I'd like to get the sum of all possible pairs that meet pre-specified criteria. For example, I want the total number of pairs that could be "matched" based on the fact that their dates were within, say, 15 days of each other:
df <- data.frame("ID"=c(1:5), "Date"=c("2005-01-05","2005-01-08","2005-01-21","2005-01-22","2005-02-04"))
df
ID1 matches with ID2, ID2 matches with ID3, ID2 matches with ID4 ID3 matches with ID4, ID3 matches with ID5 ID4 matches with ID5
All I want for output is the sum of all possible pairs (in this case, n=6 possible pairs).

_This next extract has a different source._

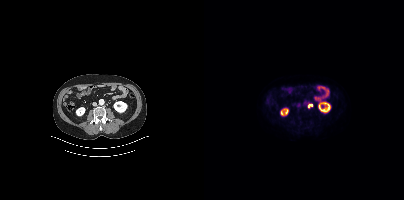
{"pet_grid":[200,200],"coord_frame":"pet_panel","coord_format":"x0,y0,x1,y1","lesion_bboxes":[[104,103,108,108]],"modality":"PSMA PET/CT","view":"axial","tracer":"18F"}

I've played with ddply and aggregate functions quite a bit for this problem, but really can't nail down where I'm going wrong. I suspect it has something to do with the fact that I have date objects. I'll spare you all of my elementary attempted, unsuccessful solutions.
And no, this is not homework. Somewhat new to R and this is part of a larger cluster analysis project I am working on.
Upvotes: 0
Views: 70
Reputation: 2636
df <- data.frame("ID"=c(1:5), "Date"=c("2005-01-05","2005-01-08","2005-01-
21","2005-01-22","2005-02-04"))
df$Date <- as.Date(df$Date) #coerce to Date
#create a square matrix; each col contains same dates
m1 <- matrix(df$Date,nrow=nrow(df),ncol=nrow(df))
m2 <- t(m1) #transpose
m1
m2
#subtract the two matrices; and subset lower triangle of result
diff <- (m1-m2)[lower.tri(m1)]
sum(abs(diff) <= 15) #count those that meet criteria
Upvotes: 1
Reputation: 19544
df <- data.frame("ID"=c(1:5), "Date"=c("2005-01-05","2005-01-08","2005-01-21","2005-01-22","2005-02-04"))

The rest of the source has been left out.